🤖 AI Summary
High-quality multi-hop question answering (QA) datasets are scarce, especially those that simultaneously exhibit retrieval robustness—requiring integration of ambiguous, cross-domain clues across multiple hops—and answer verifiability; manual construction is prohibitively expensive and unscalable.
Method: We propose a bottom-up automated generation framework: (1) constructing logically coherent evidence clusters from semi-structured data; (2) reverse question generation via natural language inference (NLI)-based relation labeling and diversity augmentation to ensure single-hop inanswerability and multi-hop answer uniqueness; and (3) a two-stage quality pipeline integrating NLI validation, multi-model consensus filtering, structured constraint decomposition, and evidence alignment.
Contribution/Results: Our method enables large-scale, low-cost, controllable generation of high-difficulty multi-hop QA data for the first time. The resulting dataset is compatible with both supervised fine-tuning and reinforcement learning, significantly improving training efficiency of reasoning agents and enhancing evaluation rigor.
📝 Abstract
Building training-ready multi-hop question answering (QA) datasets that truly stress a model's retrieval and reasoning abilities remains highly challenging recently.
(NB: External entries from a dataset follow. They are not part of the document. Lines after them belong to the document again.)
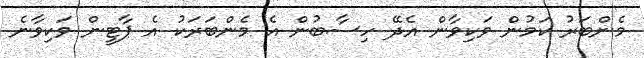
މެންބަރު ކަމުން ވަކިވާން އެދޭ ހިސާބުން އެ މެންބަރަކު އެ ޕާޓީން ވަކިވާނެ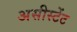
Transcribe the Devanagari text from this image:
असीस्टेंट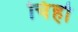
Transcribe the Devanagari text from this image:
चिंहो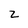
Character: z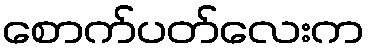
စောက်ပတ်လေးက

While there have been a few recent evaluation datasets that capture the characteristics of hard-to-search but easy-to-verify problems -- requiring the integration of ambiguous, indirect, and cross-domain cues -- these data resources remain scarce and are mostly designed for evaluation, making them unsuitable for supervised fine-tuning (SFT) or reinforcement learning (RL). Meanwhile, manually curating non-trivially retrievable questions -- where answers cannot be found through a single direct query but instead require multi-hop reasoning over oblique and loosely connected evidence -- incurs prohibitive human costs and fails to scale, creating a critical data bottleneck for training high-capability retrieval-and-reasoning agents.
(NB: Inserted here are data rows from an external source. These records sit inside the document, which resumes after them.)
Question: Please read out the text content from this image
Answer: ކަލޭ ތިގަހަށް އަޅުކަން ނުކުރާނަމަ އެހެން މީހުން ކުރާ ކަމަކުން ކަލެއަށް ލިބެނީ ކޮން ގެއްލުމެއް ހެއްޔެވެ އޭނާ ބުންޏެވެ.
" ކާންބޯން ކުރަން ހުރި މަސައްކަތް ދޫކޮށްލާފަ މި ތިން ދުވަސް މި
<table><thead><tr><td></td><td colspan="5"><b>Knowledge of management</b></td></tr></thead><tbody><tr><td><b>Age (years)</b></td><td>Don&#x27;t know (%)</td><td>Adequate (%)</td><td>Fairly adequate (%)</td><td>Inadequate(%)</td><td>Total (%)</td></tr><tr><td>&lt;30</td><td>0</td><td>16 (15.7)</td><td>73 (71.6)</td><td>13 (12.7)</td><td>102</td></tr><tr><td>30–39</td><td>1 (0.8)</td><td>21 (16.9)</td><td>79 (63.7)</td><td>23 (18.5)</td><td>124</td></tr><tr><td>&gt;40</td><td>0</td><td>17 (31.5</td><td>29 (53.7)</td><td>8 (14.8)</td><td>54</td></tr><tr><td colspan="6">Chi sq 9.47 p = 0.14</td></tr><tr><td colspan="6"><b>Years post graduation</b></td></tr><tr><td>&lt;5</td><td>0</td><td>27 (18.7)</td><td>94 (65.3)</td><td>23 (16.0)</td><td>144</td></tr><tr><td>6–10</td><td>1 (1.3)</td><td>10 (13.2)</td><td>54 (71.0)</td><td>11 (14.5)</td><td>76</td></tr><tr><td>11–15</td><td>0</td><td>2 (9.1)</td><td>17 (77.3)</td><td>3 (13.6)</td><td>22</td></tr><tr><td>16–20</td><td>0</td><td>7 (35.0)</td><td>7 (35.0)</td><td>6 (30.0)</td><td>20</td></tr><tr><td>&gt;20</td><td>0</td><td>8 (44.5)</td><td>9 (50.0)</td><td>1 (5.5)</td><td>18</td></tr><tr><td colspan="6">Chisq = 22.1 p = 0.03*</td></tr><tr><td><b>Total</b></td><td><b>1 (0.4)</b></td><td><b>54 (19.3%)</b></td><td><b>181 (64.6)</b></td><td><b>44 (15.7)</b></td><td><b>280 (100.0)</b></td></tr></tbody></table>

To address this, we present an automated framework for generating high-difficulty, training-ready multi-hop questions from semi-structured knowledge sources. The system (i) grows diverse, logically labeled evidence clusters through Natural Language Inference (NLI)-based relation typing and diversity-aware expansion; (ii) applies reverse question construction to compose oblique cues so that isolated signals are underinformative but their combination uniquely identifies the target entity; and (iii) enforces quality with a two-step evaluation pipeline that combines multi-model consensus filtering with structured constraint decomposition and evidence-based matching. The result is a scalable process that yields complex, retrieval-resistant yet verifiable questions suitable for SFT/RL training as well as challenging evaluation, substantially reducing human curation effort while preserving the difficulty profile of strong evaluation benchmarks.